GPT as a runtime: what could go wrong?
A thin Python wrapper that asks GPT-4 to execute functions described by type hints and docstrings, then hopes the response parses.

What it does
ai_functions.py is a single function that takes a function signature as a string, a description, and arguments, ships them to OpenAI’s API, and returns whatever the model generates. It’s essentially a prompt engineering wrapper with JSON parsing on the back end. The project is inspired by Ask Marvin.
The interesting bit
The honesty in the README. The author includes a failure table showing GPT-4 flunks basic geometry (area of a triangle) and GPT-3.5-turbo can’t even format fake people correctly.
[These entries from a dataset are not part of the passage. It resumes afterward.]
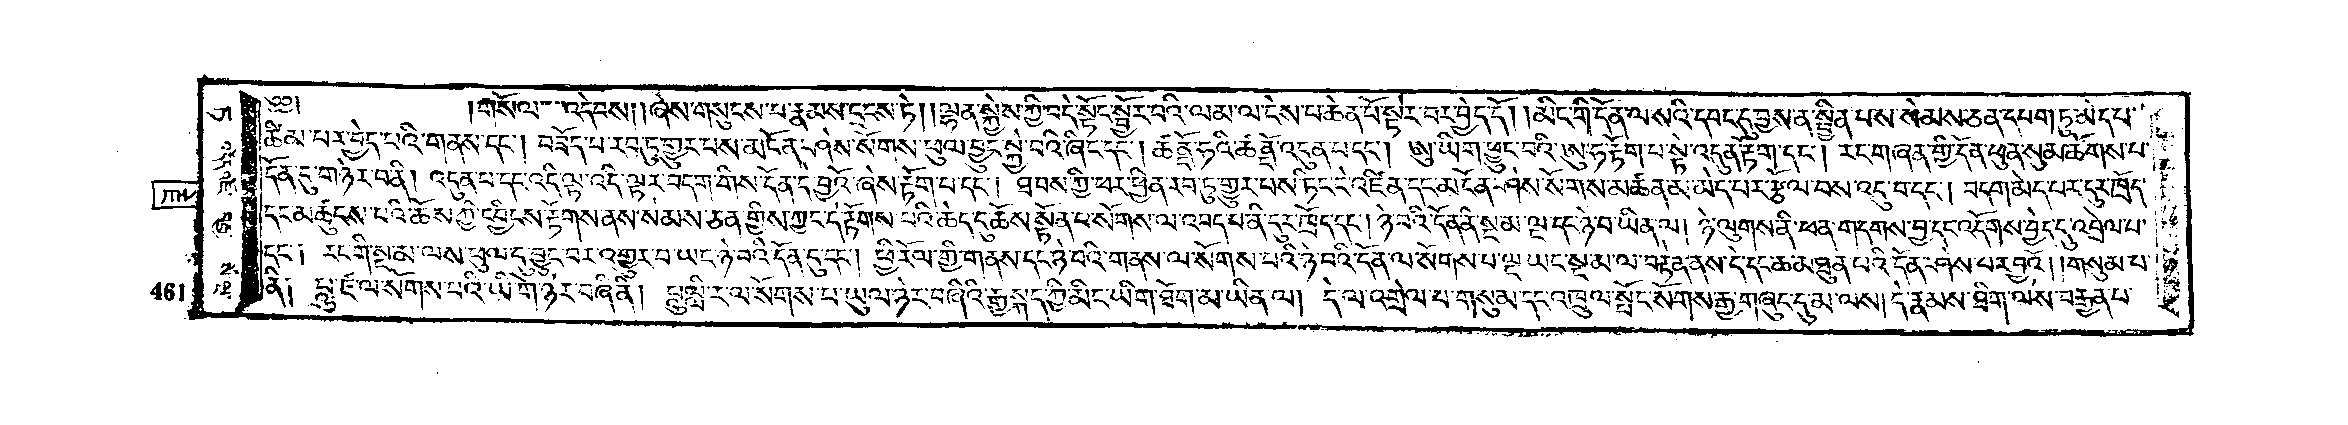༄༅། །གསོལ་འདེབས། །ཞེས་གསུངས་པ་རྣམས་དྲངས་ཏེ། །ལྷན་སྐྱེས་ཀྱི་བདེ་སྟོང་སྦྱོར་བའི་ལམ་ལ་ངེས་པ་ཆེན་པོ་སྟེར་བར་བྱེད་དོ། །མིང་གི་དོན་ལ་སའི་དབང་དུ་བྱས་ན་སྦྱིན་པས་སེམས་ཅན་དཔག་ཏུ་མེད་པ་
ཚིམ་པར་བྱེད་པའི་གནས་དང་། བཟོད་པ་རབ་ཏུ་གྱུར་པས་མངོན་ཤེས་སོགས་ཕུལ་བྱུང་སྐྱེ་བའི་ཞིང་དང་། ཚནྡོ་ཧའི་ཚནྡོ་པའི་ཉེ་བའི་དོན་ལ་སོགས་པ་ལྔ་ཡང་སྔ་མ་ལ་བརྟེན་ནས་དེ་དང་ཆ་མཐུན་པའི་དོན་ཤེས་པར་བྱའོ། །གསུམ་པ་
དོན་དུ་གཉེར་བ་ནི། འདུན་པ་དང་འདི་ལྟ་འདི་ལྟར་བདག་གིས་དོན་དེ་བྱའོ་ཞེས་རྟོགས་པ་དང་། ཐབས་ཀྱི་ཕར་ཕྱིན་རབ་ཏུ་གྱུར་པས་ཏིང་ངེ་འཛིན་དང་མངོན་ཤེས་སོགས་མཚན་མ་མེད་པར་རྩོལ་བས་འདུ་བ་དང་། བདག་མེད་པར་དུར་ཁྲོད་
དང་མཚུངས་པའི་ཆོས་ཀྱི་དབྱིངས་རྟོགས་ནས་སེམས་ཅན་གྱིས་ཀྱང་དེ་རྟོགས་པའི་ཆེད་དུ་ཆོས་སྟོན་པ་སོགས་ལ་འབད་པ་ནི་དུར་ཁྲོད་དང་། ཉེ་བའི་དོན་ནི་སྔ་མ་ལྔ་དང་ཉེ་བ་ཡིན་ལ། ཉེ་ལུགས་ནི་ཕན་གདགས་བྱ་དང་འདོགས་བྱེད་དུ་འབྲེལ་བ་
དང་། རང་གི་སྔ་མ་ལས་ཕུལ་དུ་བྱུང་བར་གྱུར་བ་ཡང་ཉེ་བའི་དོན་དུ་དང་། ཕྱི་རོལ་གྱི་གནས་དང་ཉེ་བའི་གནས་ལ་སོགས་པའི་ཉེ་བའི་དོན་ལ་སོགས་པ་ལྔ་ཡང་སྔ་མ་ལ་བརྟེན་ནས་དེ་དང་ཆ་མཐུན་པའི་དོན་ཤེས་པར་བྱའོ། །གསུམ་པ་
ནི། པཱུ་ཛ་ལ་སོགས་པའི་ཡི་གེ་ཉེར་བཞི་ནི། པཱུལླི་ར་ལ་སོགས་པ་ཡུལ་ཉེར་བཞིའི་རྒྱ་སྐད་ཀྱི་མིང་ཡིག་ཐོག་མ་ཡིན་ལ། དེ་ལ་འགྲེལ་པ་གསུམ་དང་འཁྲུལ་སྤོང་སོགས་རྒྱ་གཞུང་དུ་མ་ལས། དེ་རྣམས་ཐིག་ལེས་བརྒྱན་པ་

Most “AI function” demos sweep this under the rug; here it’s the headline limitation.
Key highlights
- One function:
ai_function(function_string, args, description, model="gpt-4") - Relies entirely on prompt structure—no code generation, no sandboxing, no validation
- Includes test suite with explicit pass/fail matrix across models
- API key stored in
keys.pyor environment variable (no key management beyond that) - ~937 stars, heavy ChatGPT/GPT-4 topic tagging
Caveats
- Mathematical precision is explicitly called out as broken; GPT-4 hallucinates float values
- No retry logic, no type enforcement on outputs, no timeout handling visible
- “Clone the repository” install instructions reference
YourUsername/SuperSimpleAIFunctions—a copy-paste error suggesting low maintenance
Verdict
Worth a look if you’re prototyping LLM-as-a-service patterns and want a minimal reference point. Skip it if you need determinism, math, or anything resembling a production function call.